ソフトバンクBB株式会社は、2009年8月5日(水)に発表されました「第6回日本e-learning大賞」において、「次世代モバイル・ラーニングによる大幅なコストダウン」の実現を評価いただき、「総務大臣賞」を受賞いたしました。
ソフトバンクBBでは2008年度より、モバイル環境を積極的に活用した「いつでも、どこでも、学べる」eラーニングの開発をすすめてきました。この「次世代モバイル・ラーニング」は、パソコンとモバイルをラーニングプラットフォーム経由でシームレスに融合させ、パソコンで受講中のコンテンツの続きをモバイル機器にて学習を継続することに加え、その学習履歴に関しても管理の一元化が可能という斬新な学習モデルを実用化しています。ソフトバンクグループでは、この「次世代モバイル・ラーニング」を当社グループの通信3社を始め、販売パートナー企業など含めた7万人を超える従業員に対して導入し、コンプライアンス教育から販売教育、社内ノウハウの共有など幅広いeラーニングの活用に取り組んできました。今回、この次世代モバイル・ラーニングの導入により、ユビキタスな学習環境の創出と、教育にかかる費用を大幅にコスト削減し、かつ継続的なコスト削減を可能とする仕組みを構築したことが「第6回日本e-Learning大賞」にて評価されました。
次世代モバイル・ラーニングの概要は以下の通りです。
オープンソースLMS(Learning Management System)をベースとした開発を進めたことにより、短期間に10万ユーザ規模以上の利用を可能とするシステムの開発において、従来のLMS開発にかかった費用と期間を比較した際、従来の約1/10のコストでLMSの導入を実現しました。また、開発開始過程からの導入期間においても従来の1/8程度となり、導入の短期化も実現いたしました。
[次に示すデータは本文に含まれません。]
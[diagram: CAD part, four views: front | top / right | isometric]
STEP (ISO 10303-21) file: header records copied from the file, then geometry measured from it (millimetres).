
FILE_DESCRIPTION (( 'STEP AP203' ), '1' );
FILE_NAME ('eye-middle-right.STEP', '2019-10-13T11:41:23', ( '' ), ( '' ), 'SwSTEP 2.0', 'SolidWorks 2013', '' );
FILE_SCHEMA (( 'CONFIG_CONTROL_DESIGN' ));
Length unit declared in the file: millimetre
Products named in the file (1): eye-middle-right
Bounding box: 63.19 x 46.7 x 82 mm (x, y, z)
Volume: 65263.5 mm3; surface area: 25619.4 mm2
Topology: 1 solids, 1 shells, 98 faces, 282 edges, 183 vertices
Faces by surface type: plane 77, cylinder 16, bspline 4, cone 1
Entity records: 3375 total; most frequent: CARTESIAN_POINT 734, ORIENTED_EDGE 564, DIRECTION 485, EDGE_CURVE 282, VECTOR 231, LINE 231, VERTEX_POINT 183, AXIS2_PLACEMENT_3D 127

また、対面教育にかかる講師代、場所・移動交通費等とeラーニングシステム利用料、コンテンツの開発費等を、昨年度受講実績における一人当たりの学習にかかった費用と比較して算出した場合、対面教育の場合の約1/30の研修費用単価額で同内容の教育を実施することが可能です。
さらに、研修の企画立案業務、開催都度必要となる学習教材準備・制作、講師手配、会場手配、開催通知準備、出席確認業務などの準備業務、システム運用費など教育の運用にかかる業務コストおよび時間が前年度の約1/3に縮小しました。
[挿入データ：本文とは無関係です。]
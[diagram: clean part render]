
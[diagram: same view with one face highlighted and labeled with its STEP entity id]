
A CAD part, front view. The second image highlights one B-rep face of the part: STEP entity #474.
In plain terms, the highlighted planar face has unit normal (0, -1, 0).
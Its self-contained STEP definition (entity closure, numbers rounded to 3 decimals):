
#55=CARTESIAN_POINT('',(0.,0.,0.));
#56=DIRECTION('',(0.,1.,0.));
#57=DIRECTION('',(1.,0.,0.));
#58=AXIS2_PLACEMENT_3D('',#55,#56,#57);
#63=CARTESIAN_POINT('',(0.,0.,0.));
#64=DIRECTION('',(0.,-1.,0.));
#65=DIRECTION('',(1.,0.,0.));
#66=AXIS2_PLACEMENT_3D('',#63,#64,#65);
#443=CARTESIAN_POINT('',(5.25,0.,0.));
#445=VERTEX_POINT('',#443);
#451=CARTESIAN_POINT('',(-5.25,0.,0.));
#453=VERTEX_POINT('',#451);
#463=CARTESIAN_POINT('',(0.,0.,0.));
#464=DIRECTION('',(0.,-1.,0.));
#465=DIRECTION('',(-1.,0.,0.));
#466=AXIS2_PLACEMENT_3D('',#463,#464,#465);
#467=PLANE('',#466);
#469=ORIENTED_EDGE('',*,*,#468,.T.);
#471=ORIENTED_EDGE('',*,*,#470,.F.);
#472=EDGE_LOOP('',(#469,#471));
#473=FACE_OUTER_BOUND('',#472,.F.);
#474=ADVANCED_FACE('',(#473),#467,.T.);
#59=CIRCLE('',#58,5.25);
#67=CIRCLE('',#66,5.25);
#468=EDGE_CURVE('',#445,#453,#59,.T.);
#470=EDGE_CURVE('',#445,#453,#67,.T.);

iPhone※2をはじめとした高機能モバイル機器の登場およびSCORM準拠のコンテンツをそれらのモバイル機器にて容易に提供可能となった環境整備により、次世代モバイル・ラーニングの導入前の2007年には社員向け教育のうち、対面教育が90%、eラーニングは10%の割合であったのに対し、導入後の2008年は対面教育が30%、eラーニングが70%と、eラーニングの利便性、学習効果が認められ、利用機会が急増しました。
オープンソースLMSの利用により、利用者側での学習コンテンツ制作が容易になったことから、この新しいシステムを用いて自部門の持つノウハウをeラーニングコンテンツ化し、サービスの強化や事業強化に活用していきたいという声が、導入後のアンケートより確認されました。
ソフトバンクBBでは、今後もeラーニングの利用価値を向上させる高品質のコンテンツ開発や、いつでもどこでも無駄なく学べるラーニングシステムの開発を通じ、eラーニングによる企業の教育環境の利便性向上に寄与してまいります。